The climate crisis is not gender neutral.

As its impacts worsen, women and girls are experiencing unique and disproportionate harm—with the fallout amplifying existing gender inequalities. Typically more dependent on natural resources and disproportionately responsible for securing food, water and fuel, women are highly vulnerable to environmental shocks. They face heightened exposure to gender-based violence in the wake of conflict and instability exacerbated by climate change, and they are less likely to survive disasters. At the same time, their access to life-saving resources and to key decision-making spaces remains severely limited.

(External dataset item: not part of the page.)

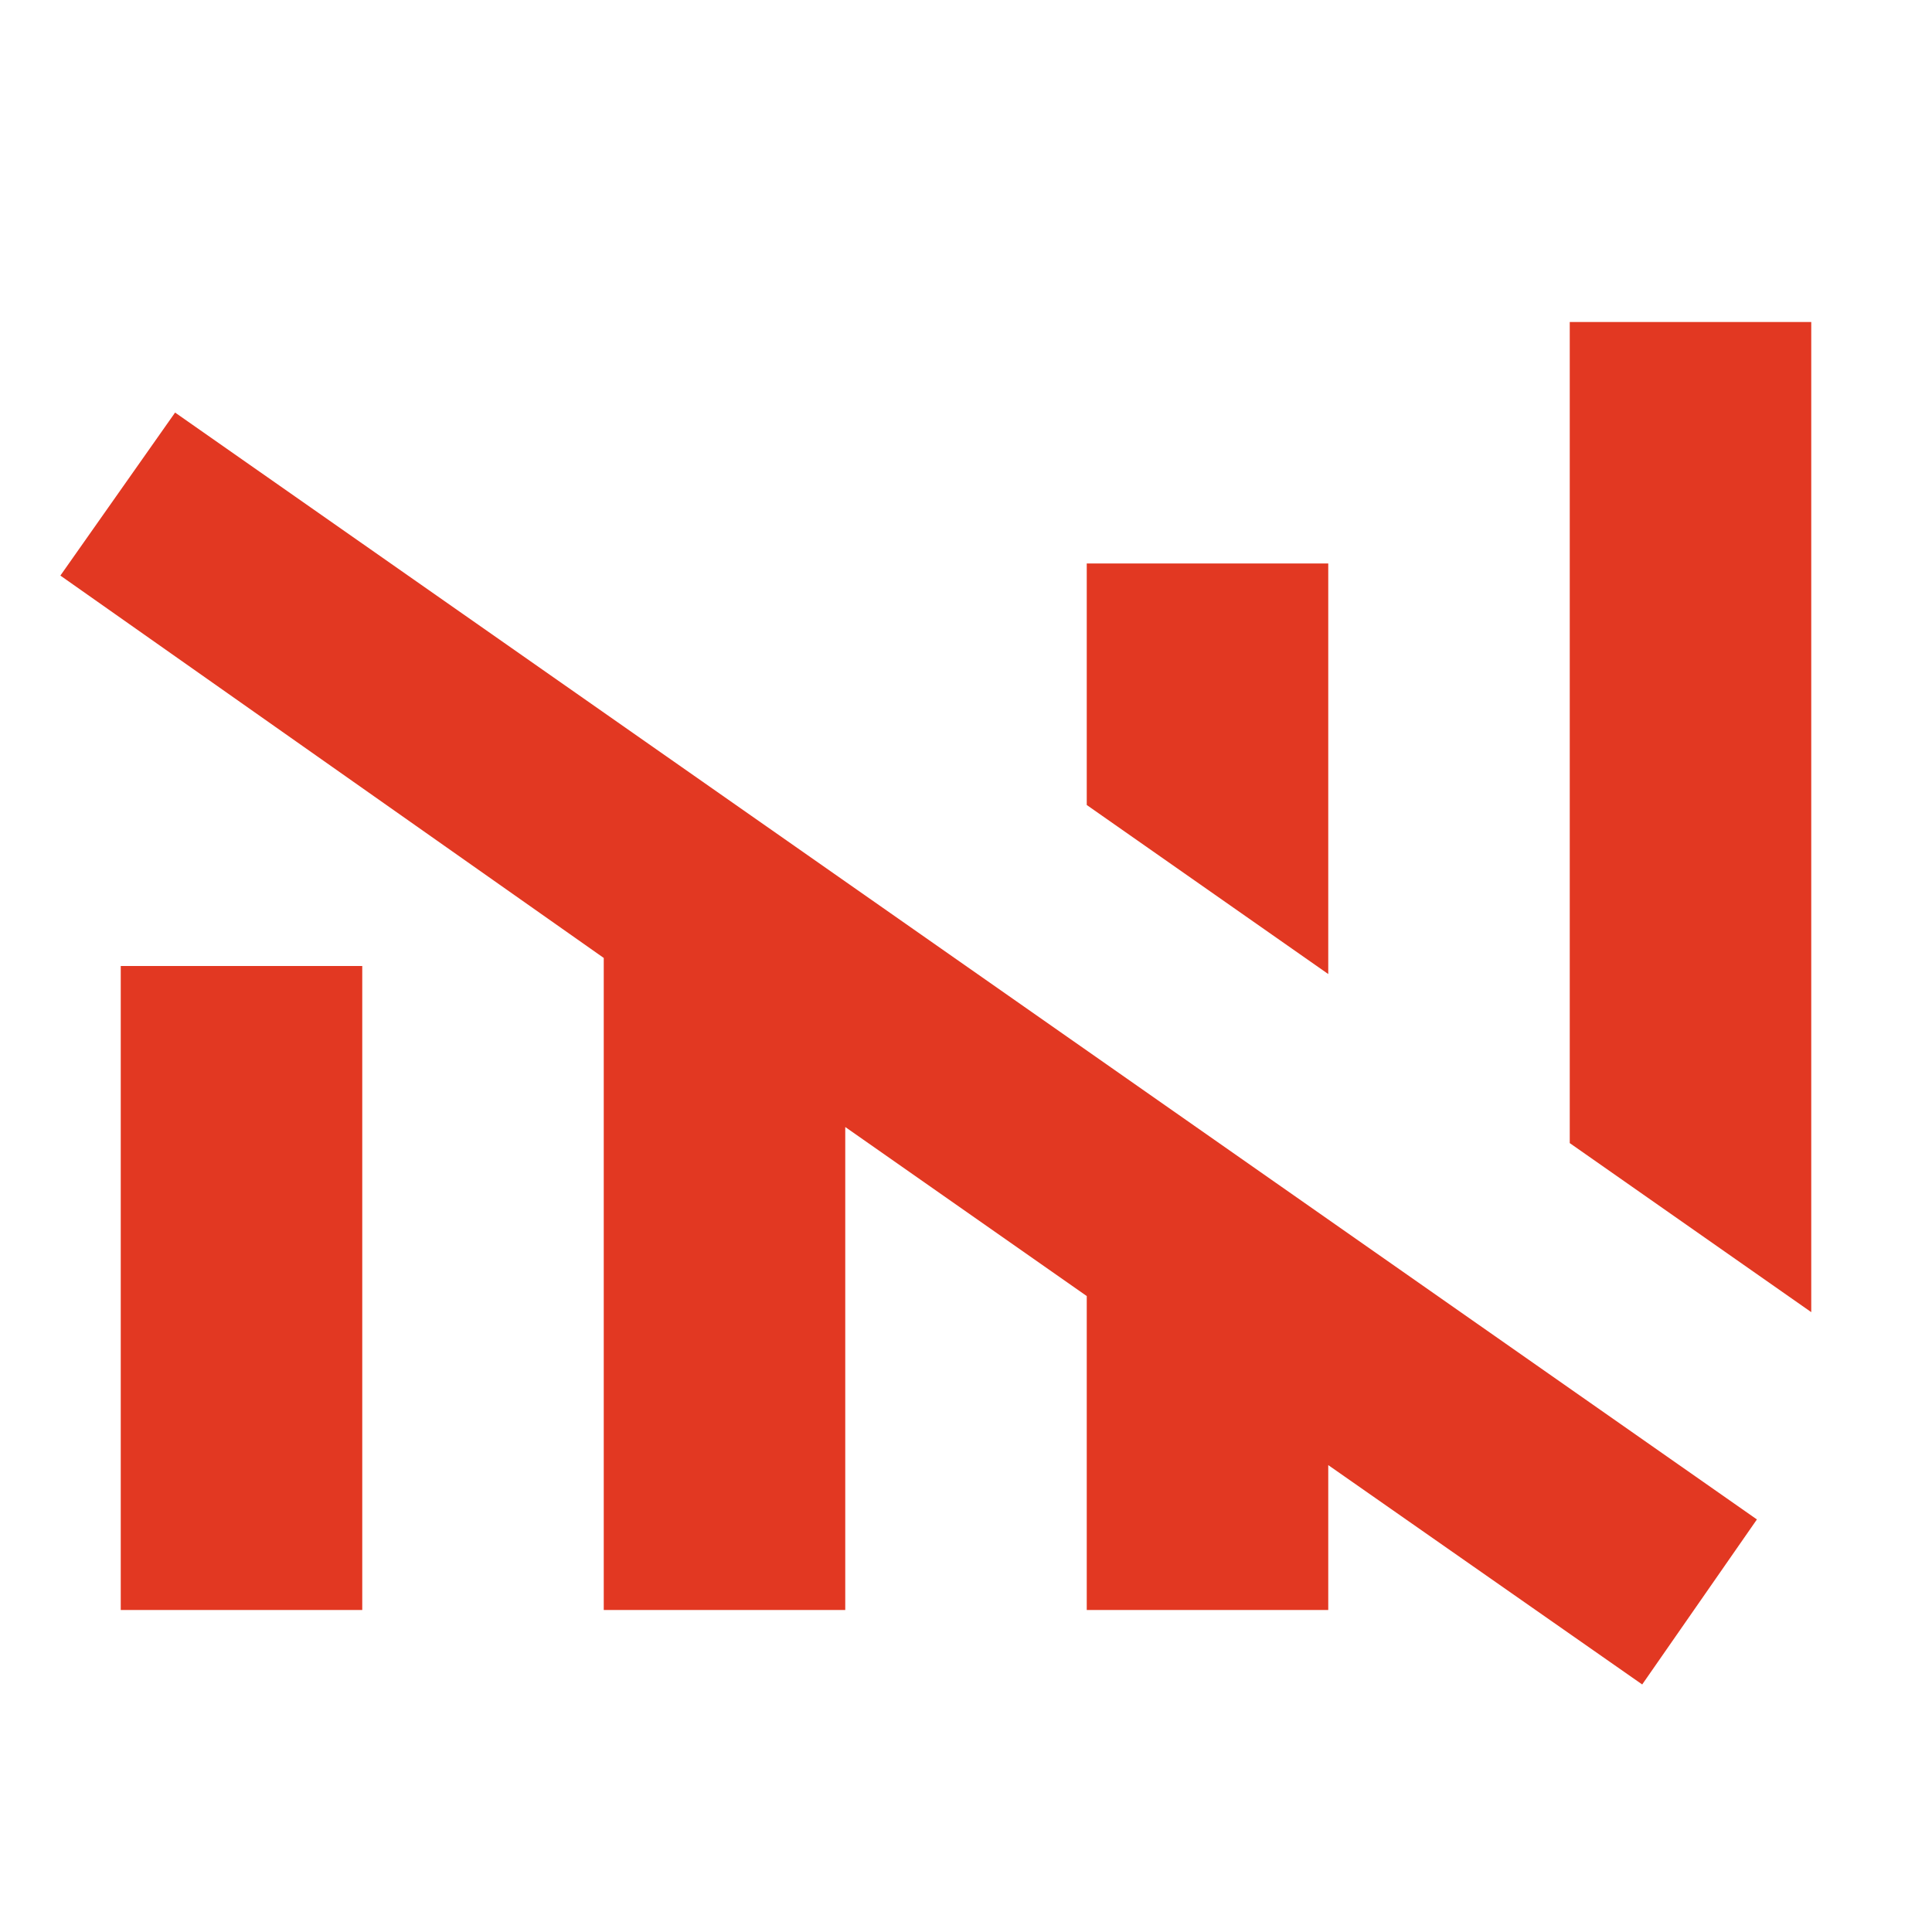 <svg xmlns="http://www.w3.org/2000/svg" height="24px" viewBox="0 -960 960 960" width="24px" fill="#e23822"><path d="M816-123 660-232v72H540v-156l-120-84v240H300v-324L30-674l57-81 786 550-57 82Zm84-185-120-84v-408h120v492ZM60-160v-320h120v320H60Zm600-316-120-84v-120h120v204Z"/></svg>

Nevertheless, women remain at the forefront of the fight against climate change, leading prevention, mitigation and adaptation efforts around the world. Research indicates that women’s representation in national parliaments leads to the adoption of more stringent climate policies, resulting in lower emissions. Their leadership in the workplace is associated with greater transparency around climate impact. And their participation in local natural resource management is linked to better resource governance and conservation outcomes.

This Earth Day the United Nations is highlighting the crucial connections between sustainability and gender equality in policy, business, agriculture and beyond.

In Uganda, climate change risks are increasing agricultural productivity to build resilience

Florence Driciru lives in the refugee host community of Kochi Subcounty in Uganda’s Yumbe District. A farmer and a mother of five, she says she is already feeling the impact of climate change on her livelihood: “The yields have been poor lately. The rains most times come late and when you plant you don’t get much.”

In Uganda, refugees and their host communities are feeling the brunt of worsening climate change. Deforestation and environmental degradation are hitting hard, especially in the refugee hosting districts in the country’s West Nile region. Both refugee and host populations are highly dependent on natural resources in their daily lives, relying on grass and wood for shelter and generating income through farming and the harvesting of forest products.

In 2021, UN Women, with funding from the Government of Japan, partnered with the Yumbe District Local Government to support farmers in the refugee and host communities to improve their farming practices. Florence and other farmers in her community received trainings in climate smart agriculture, as well as better seed varieties—particularly green gram and fruit trees. The group has now planted 25 acres of guavas and mangoes.

“Before this project many of us were used to traditional farming practices without knowing that this leads to poor yields,” Florence explains. “I tried out this new farming method and planted the 500 kgs of green grams that I received from the district local government and I was able to harvest 2,150 kgs. The seed was of good quality and when I applied the methods I learned from the trainings, it led to a good yield.”

In the face of both worsening climate change and growing food demand, climate smart agriculture helps to build resilience among hard hit populations—ensuring both food security and income. For Florence’s community, it is also creating new opportunities for cooperation: “As a group our dream is to establish a grain store,” says Florence. “That way we are able to store the green gram and sell collectively, which enables us to bargain for a better price.”